** Opening DATA FOR THIS EXERCISE block **

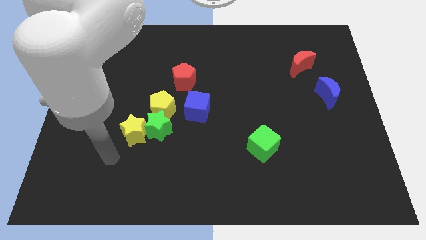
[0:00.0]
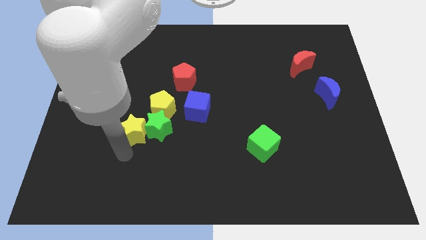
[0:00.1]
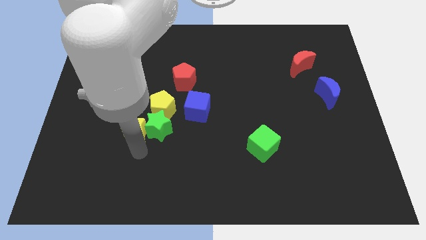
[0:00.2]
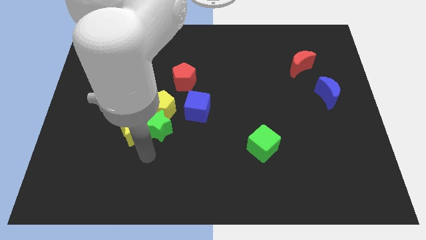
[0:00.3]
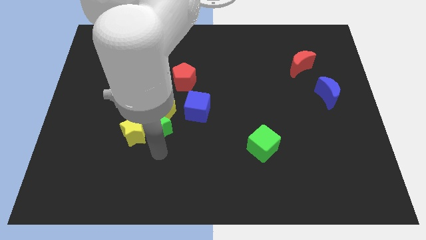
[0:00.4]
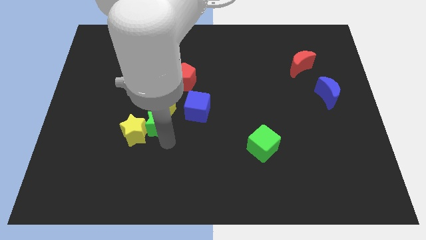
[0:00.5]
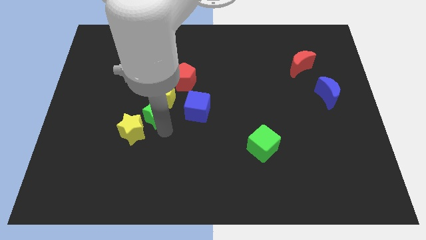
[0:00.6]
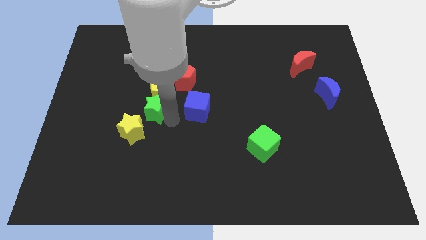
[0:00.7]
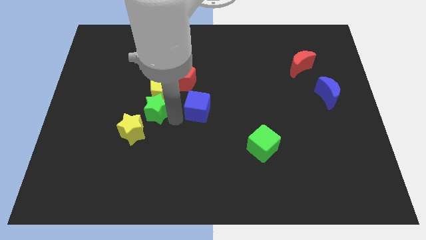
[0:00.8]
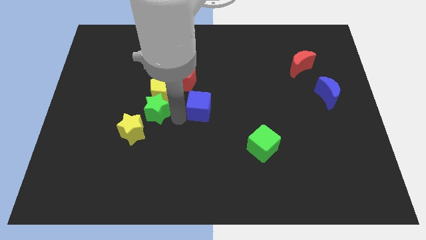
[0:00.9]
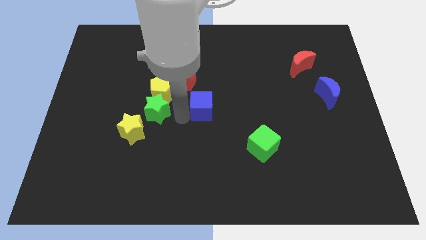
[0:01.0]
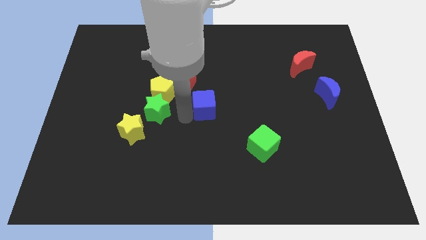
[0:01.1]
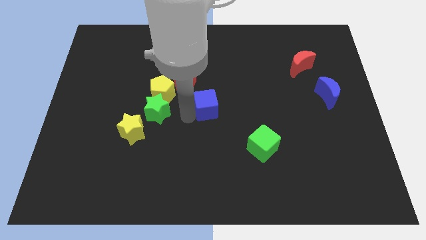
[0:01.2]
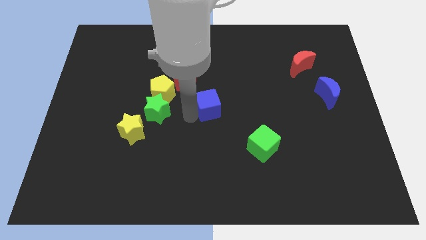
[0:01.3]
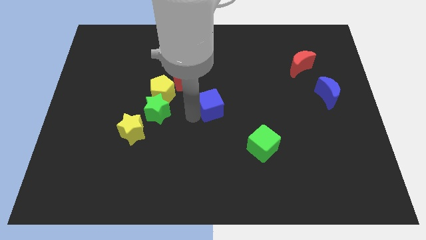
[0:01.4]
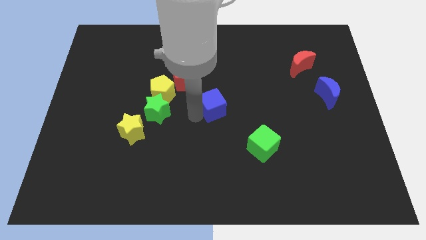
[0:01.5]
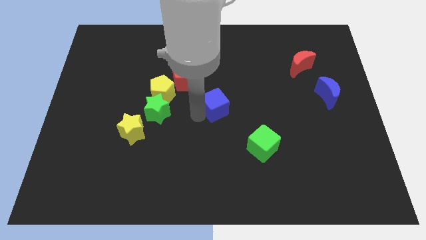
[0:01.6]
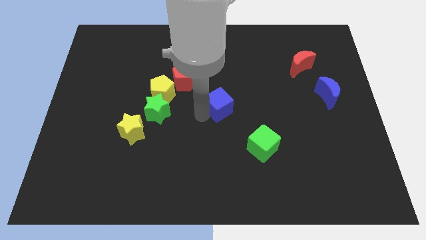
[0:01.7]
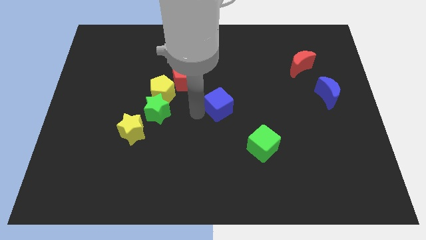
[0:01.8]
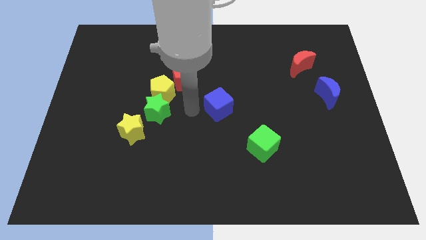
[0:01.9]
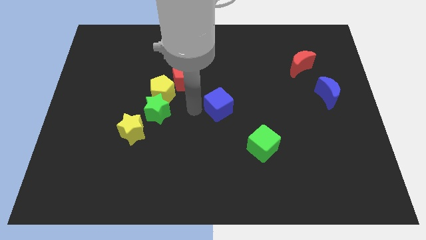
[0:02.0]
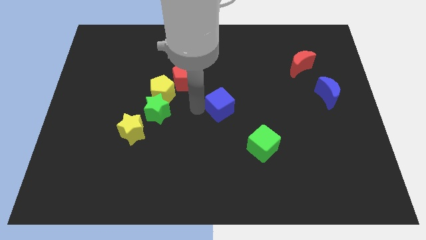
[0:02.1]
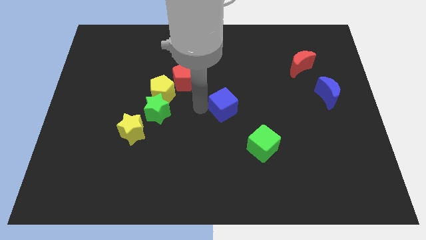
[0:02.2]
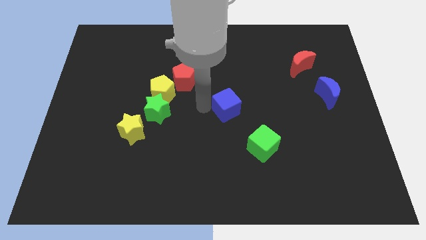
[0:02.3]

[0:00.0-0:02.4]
slightly push the blue cube to the right

** Closing DATA FOR THIS EXERCISE block **

Copy the entries exactly. No pictures.

ANSWER FOR THE TASK:
[0:00.0]
[0:00.1]
[0:00.2]
[0:00.3]
[0:00.4]
[0:00.5]
[0:00.6]
[0:00.7]
[0:00.8]
[0:00.9]
[0:01.0]
[0:01.1]
[0:01.2]
[0:01.3]
[0:01.4]
[0:01.5]
[0:01.6]
[0:01.7]
[0:01.8]
[0:01.9]
[0:02.0]
[0:02.1]
[0:02.2]
[0:02.3]

[0:00.0-0:02.4]
slightly push the blue cube to the right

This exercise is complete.